Frieze London

5 - 8 October 2017 Art Fairs
Overview

Hales Gallery

Stand D1

Frieze London

Regent’s Park

London, NW1 4NR

 

VIP preview: 4 October 2017

Public days: 5 - 8 October 2017

 

Hales Gallery is proud to announce its participation in Frieze London 2017, with a group presentation of key works by four artists whose significant contributions to art history stretch from the 1960s to today: Frank Bowling, Stuart Brisley, Virginia Jaramillo and Carolee Schneemann. From painting to performance, a sustained engagement with social issues and a boundary-pushing approach to medium characterises the work of each of these artists, reflecting the long-standing focus of the gallery’s programme.

 

Frank Bowling’s spectacular sculptural relief Jetty (1983) represents a key moment in the legendary painter’s development. Bowling’s sculptural reliefs, initially shown in the artist’s seminal 1986 exhibition at the Serpentine Gallery in London, received critical acclaim with Tate acquiring one of the works from the series a year after the exhibition. Spreadout Ron Kitaj, acquired in 1987, was the first paintings by a living black British artist to enter the museum’s collection. Bowling’s ‘middle period’ also comprises a key strand of Mappa Mundi, a major solo survey exhibition currently on view at Haus der Kunst, Munich. Works by the artist are also currently included in Tate Modern’s critically acclaimed exhibition Soul of a Nation: Art in the Age of Black Power.

 

Also featured in Tate’s Soul of a Nation, along with the Brooklyn Museum’s We Wanted a Revolution: Black Radical Women 1965–85, are works by Virginia Jaramillo, who uses abstraction as a vehicle to express materially our sensory perceptions of space and time. Immersed in New York’s dynamic art scene from the late 1960s, Jaramillo was involved in a number of important exhibitions and publications, including the 1972 Whitney Annual, the now-famous 1971 DeLuxe Show in Houston, and the legendary feminist journal Heresies (1979 and 1982). The confidence and creative energy of this period are channelled in the bold canvas of Green Space (1974), in its masterfully calibrated balance of freedom and structure, colour and form.

 

At the core of Stuart Brisley’s pioneering multi-media practice is an ongoing commitment to making work that questions social and political structures. Both Louise Bourgeois’ Leg (2002) and Royal Ordure (1996) belong to The Museum of Ordure, a fictional institution curated by Brisley’s alter-ego RY Sirb, developed over the past two decades as a sophisticated mode of institutional critique. The Collection of Ordure was originally debuted at the Freud Museum in London; over the course of his seven-decade career Brisley has participated international exhibitions from the 1977 edition of Documenta to Raven Row’s Gallery House retrospective in London this year, which featured a new live Brisley work. 

 

Carolee Schneemann’s 1980s Dust Painting series, from her project investigating Israel’s 1982 invasion of Lebanon, is a powerful exemplar of the artist’s inimitable ethics and aesthetics.

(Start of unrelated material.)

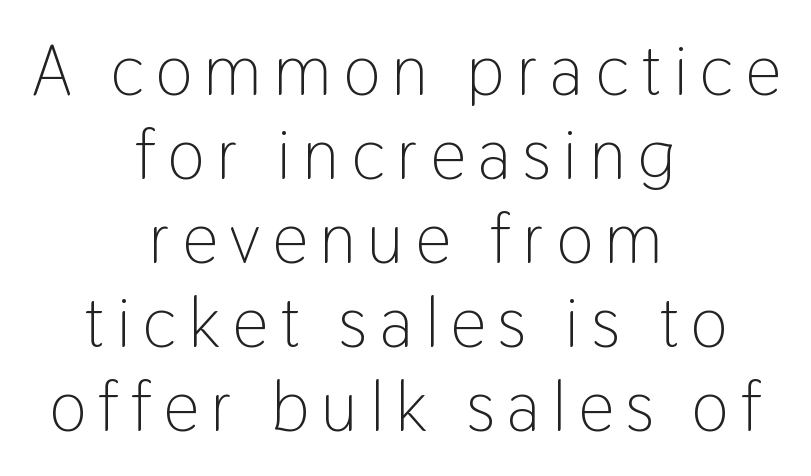
The image shows 70 px light, condensed sans-serif type, upright; set centered, line spacing 1.2x, not underlined; low stroke contrast and a medium x-height.

Schneemann has unwaveringly borne witness to the realities of global conflict, whilst remaining committed to her identity as a painter exploring painting’s possibilities. In 2015, the Museum Der Moderne Salzburg held a major retrospective of Schneemann’s work, accompanied by a full-colour catalogue. The exhibition is currently on show at the Museum für Moderne Kunst Frankfurt am Main, Germany and will travel to MoMA PS1, New York, in late 2017.